Some patients with kidney stones may not even know that they have them. Typically, these stones are found if the patient has an X-ray or CAT scan. At times, patients may have urinary tract infections, blood in the urine, back or flank pain; further work-up of these symptoms reveals the stones. You may need surgery to remove your kidney stones. Your physician will talk with you about the right treatment for your stones.

Available treatments at Memorial

Extracorporeal Shock Wave Lithotripsy(ESWL)

ESWL is a noninvasive, outpatient treatment for kidney stones. The procedure is done in the operating room with an anesthetic.

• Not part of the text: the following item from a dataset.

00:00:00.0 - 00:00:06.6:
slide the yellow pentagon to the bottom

The stone location is identified, and then the externally-applied lithotripter breaks up the stones using a high-frequency acoustic pulse. You then pass the fragments through the ureters into the bladder and eventually out of the body though the urine.

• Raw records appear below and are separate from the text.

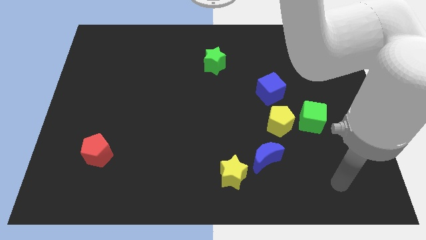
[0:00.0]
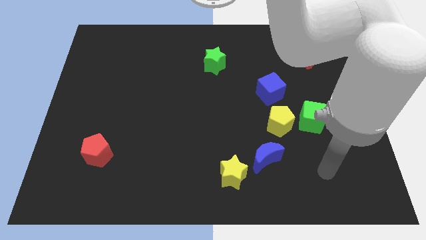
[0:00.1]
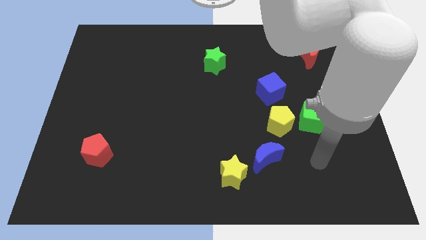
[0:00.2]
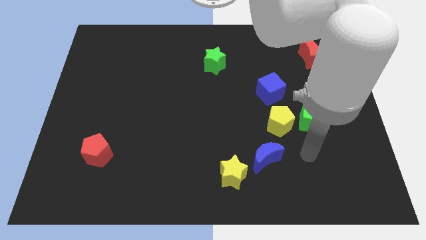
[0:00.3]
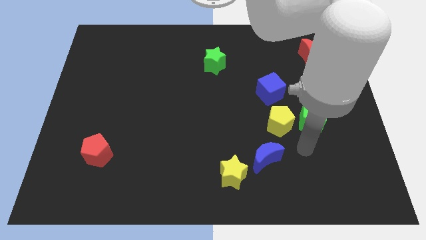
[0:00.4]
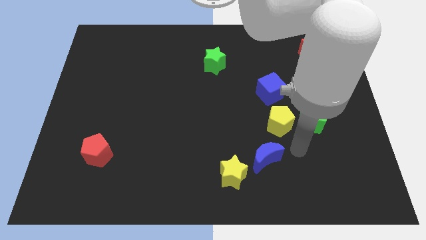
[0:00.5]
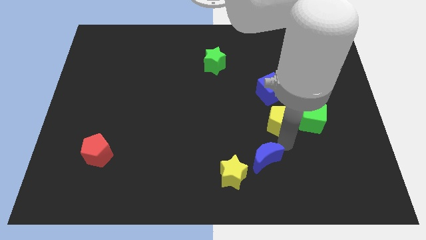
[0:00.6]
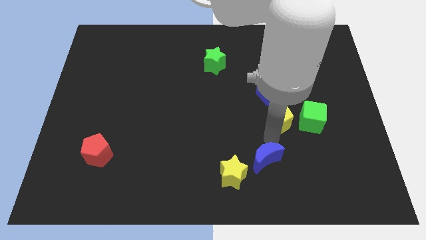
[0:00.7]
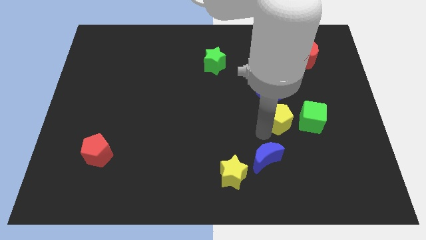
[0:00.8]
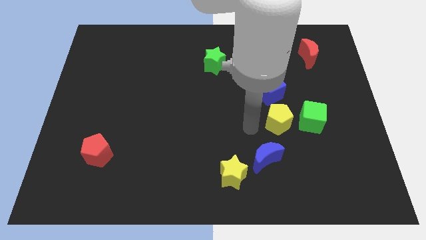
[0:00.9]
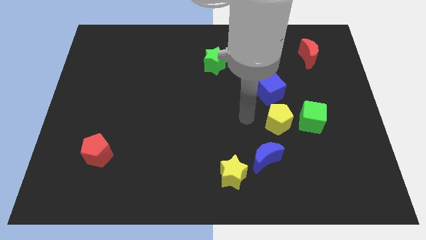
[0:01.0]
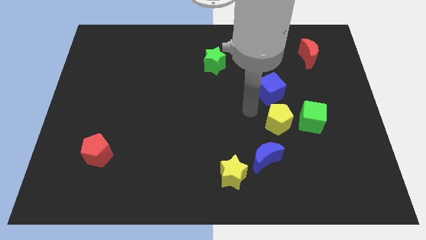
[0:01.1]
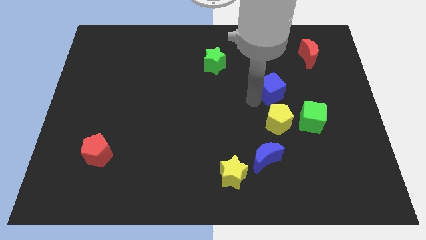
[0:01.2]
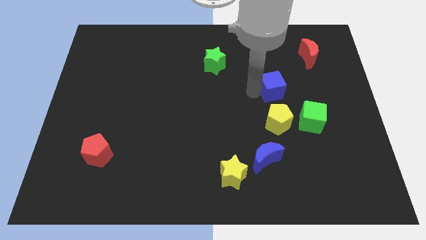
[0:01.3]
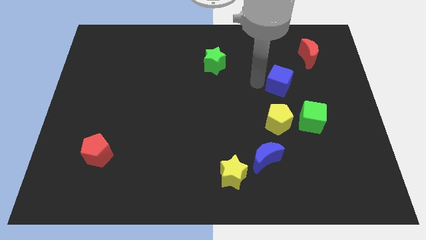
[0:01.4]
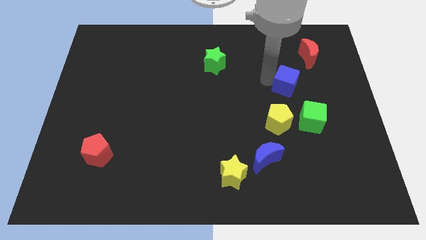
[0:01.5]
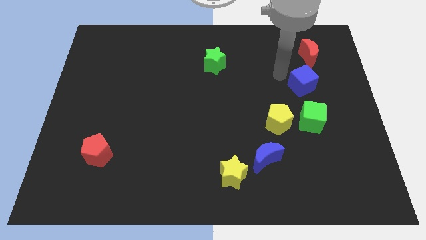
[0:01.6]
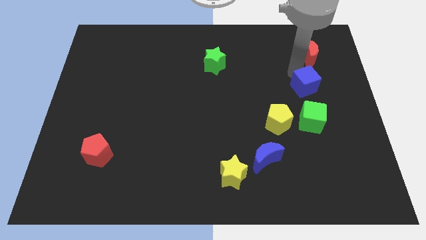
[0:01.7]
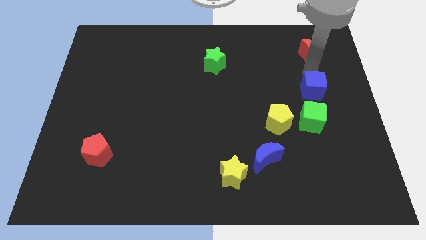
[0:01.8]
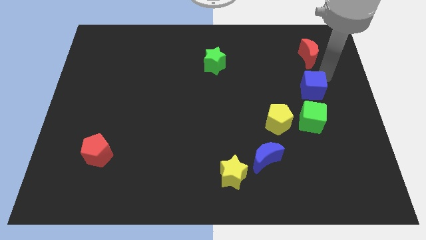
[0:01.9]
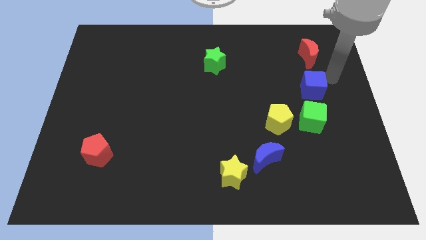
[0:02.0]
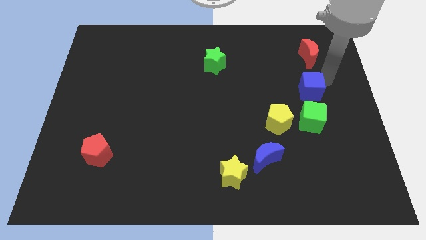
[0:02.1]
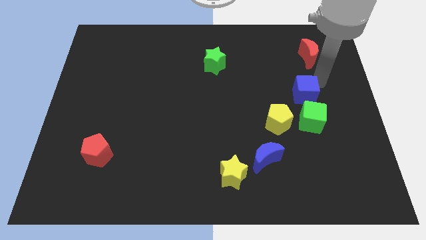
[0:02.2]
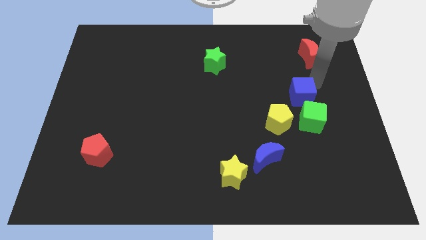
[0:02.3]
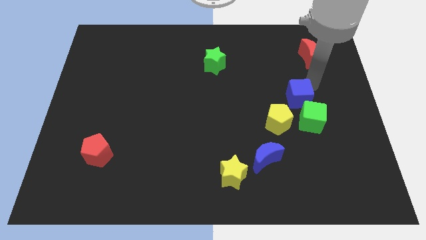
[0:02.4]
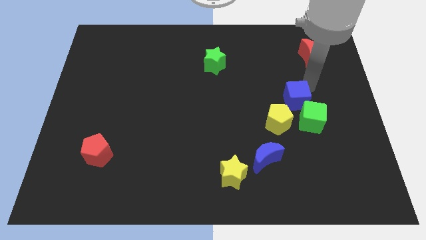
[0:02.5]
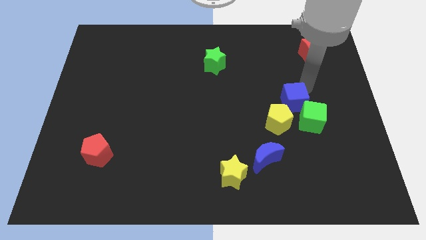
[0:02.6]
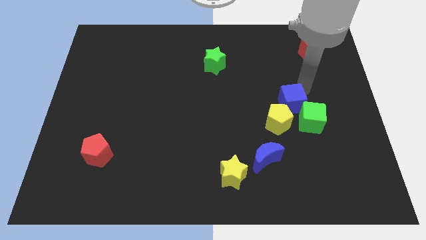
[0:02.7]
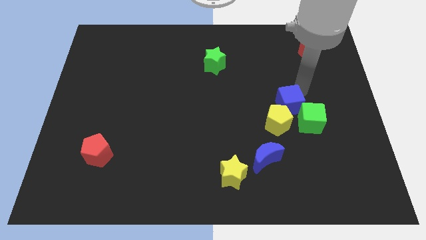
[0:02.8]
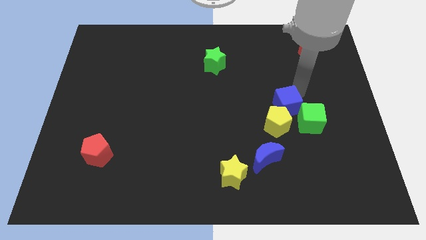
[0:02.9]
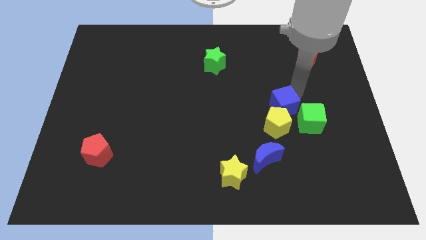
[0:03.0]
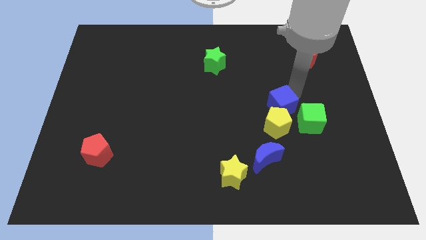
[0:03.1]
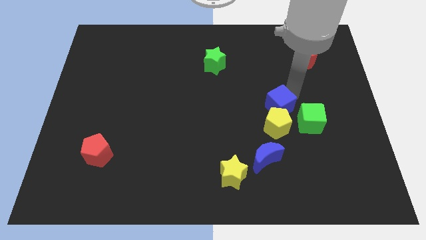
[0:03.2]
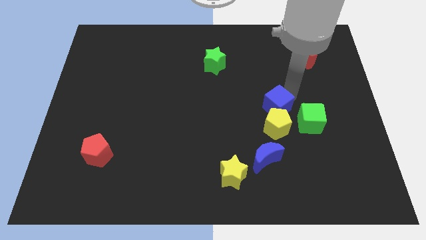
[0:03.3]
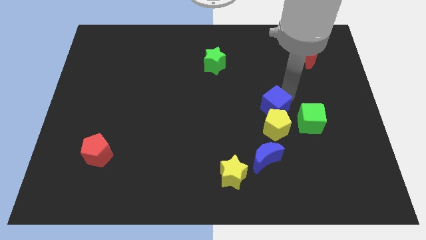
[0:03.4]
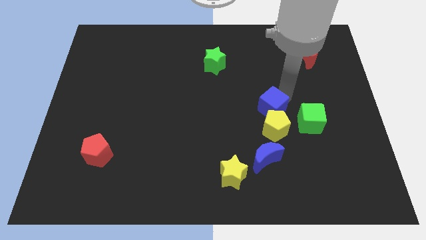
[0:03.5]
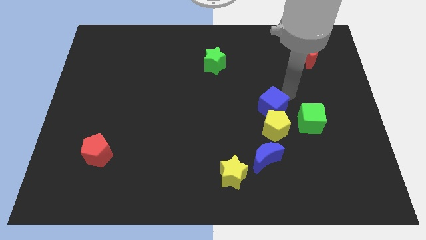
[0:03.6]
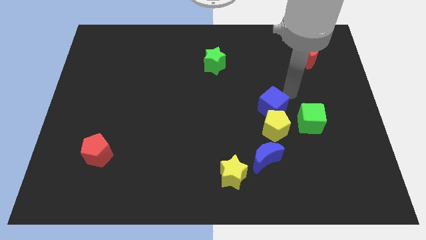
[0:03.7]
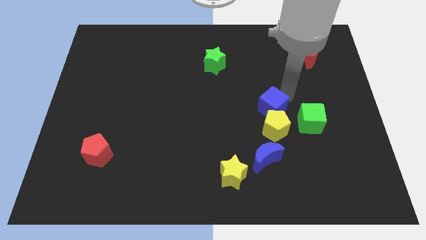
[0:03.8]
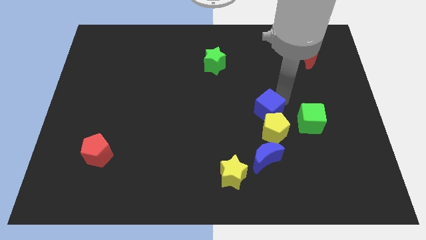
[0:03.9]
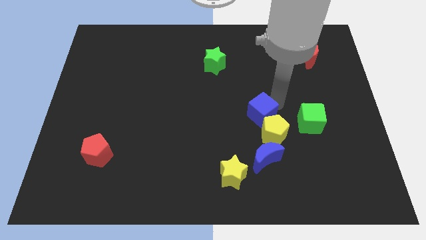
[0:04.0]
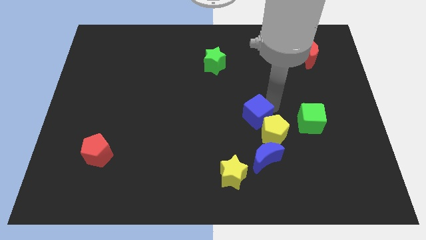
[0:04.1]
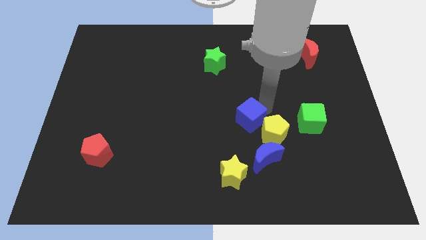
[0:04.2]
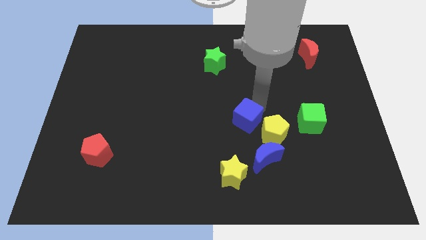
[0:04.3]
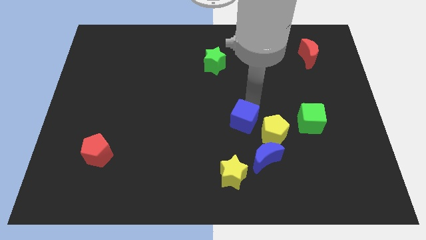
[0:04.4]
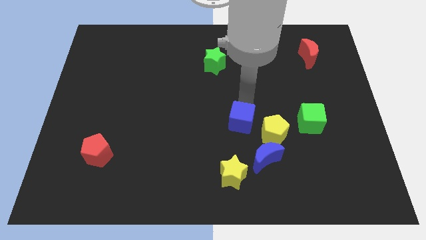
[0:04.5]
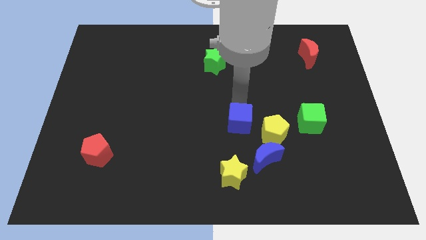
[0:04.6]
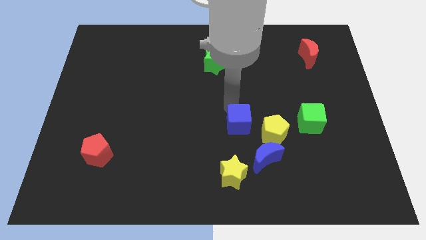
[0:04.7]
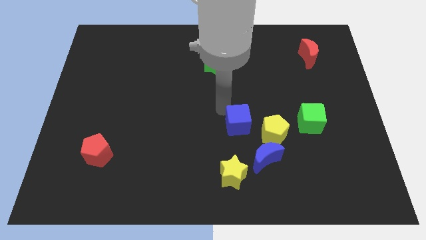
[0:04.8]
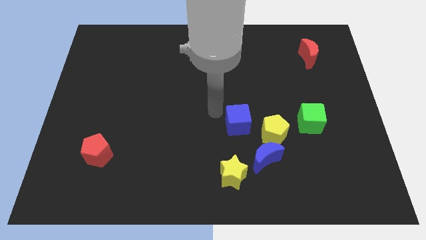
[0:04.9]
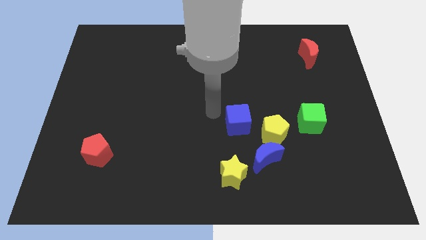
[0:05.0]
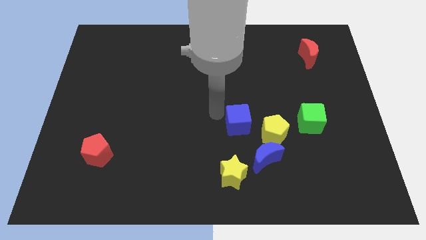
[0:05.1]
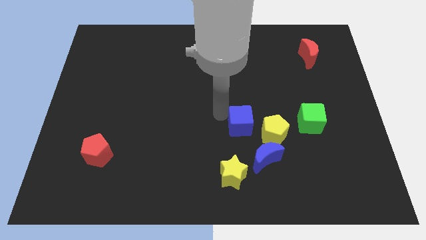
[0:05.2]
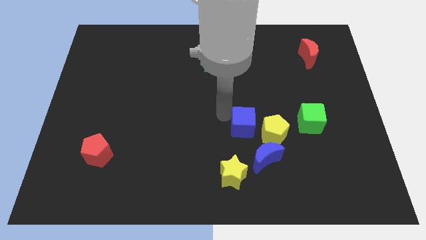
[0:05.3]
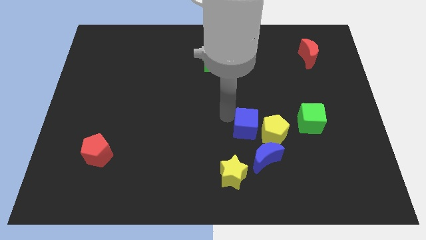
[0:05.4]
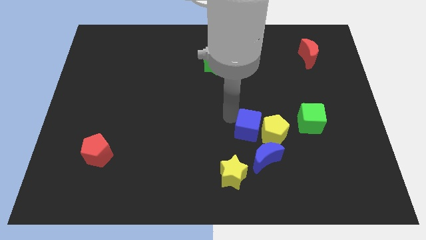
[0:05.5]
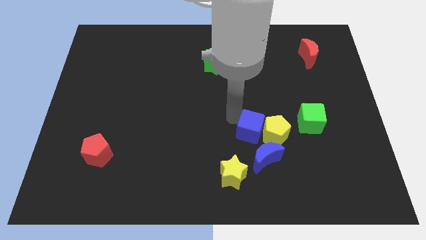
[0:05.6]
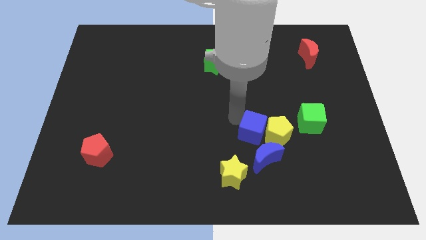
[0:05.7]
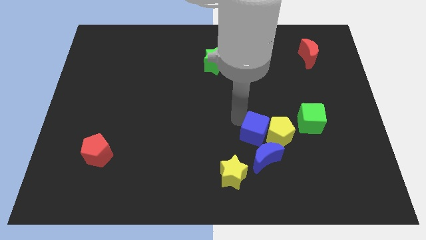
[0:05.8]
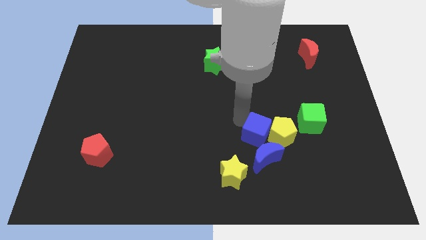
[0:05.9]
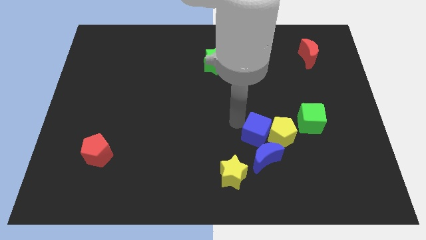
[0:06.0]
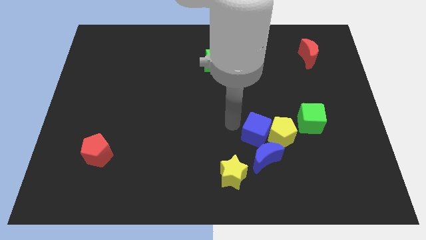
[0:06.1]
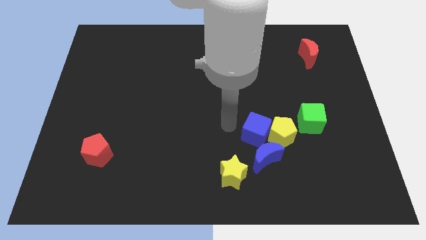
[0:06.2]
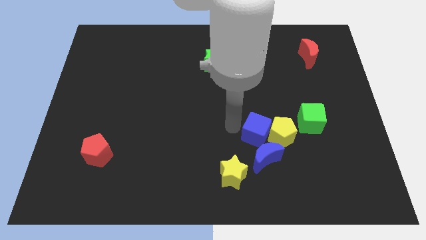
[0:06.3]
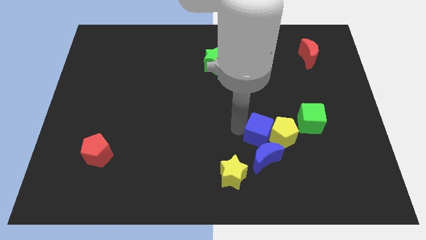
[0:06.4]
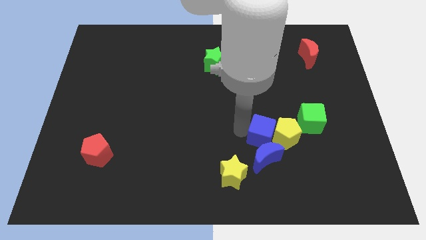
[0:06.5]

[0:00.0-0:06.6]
slide the blue cube to the top right side of the blue moon

Usually you will follow up in the office a few weeks after the procedure with an imaging study to evaluate the status of the stone.

You may have a ureteral stent placed after this procedure to help drain your kidney of urine. Depending on the size and location of the stone or stones, the stent may or may not have strings left on it. This stent will be removed in the office a few days after your procedure. DO NOT pull on the strings; this will likely dislodge the stent, possibly leading to severe pain and uncontrolled leakage of urine.

Ureteroscopy With Holmium/EHL Laser

Ureteroscopy With Holmium/EHL Laser is a treatment for kidney and bladder stones. A specialized surgical table and anesthetic are used.

This treatment is done through a small hollow tube with a camera lens (cystoscope/ureteroscope) that is advanced through the urethra and up to the stones in the bladder, ureters or kidneys.

The laser fiber is placed near the stone, and the treatment pulverizes the hard stone material and allows the physician to remove them safely in a minimally invasive procedure. Some small stones can be removed in their entirety by a very small basket placed through the cystoscope. This procedure is typically done as an outpatient.

You may have a ureteral stent placed after this procedure to help drain your kidney of urine. Depending on the size and location of the stone or stones, the stent may or may not have strings left on it. This stent will be removed in the office a few days after your procedure. DO NOT pull on the strings; this will likely dislodge the stent, possibly leading to severe pain and uncontrolled leakage of urine.

Ureteral Stent

Ureteral stent is a flexible, thin hollow tube that is placed in the ureter to allow urine to drain from the kidney to the bladder. It is usually 5 to 12 inches long. Stents are placed when there is a blockage in the ureter and the flow of urine is obstructed. Learn more about Ureteral Stents.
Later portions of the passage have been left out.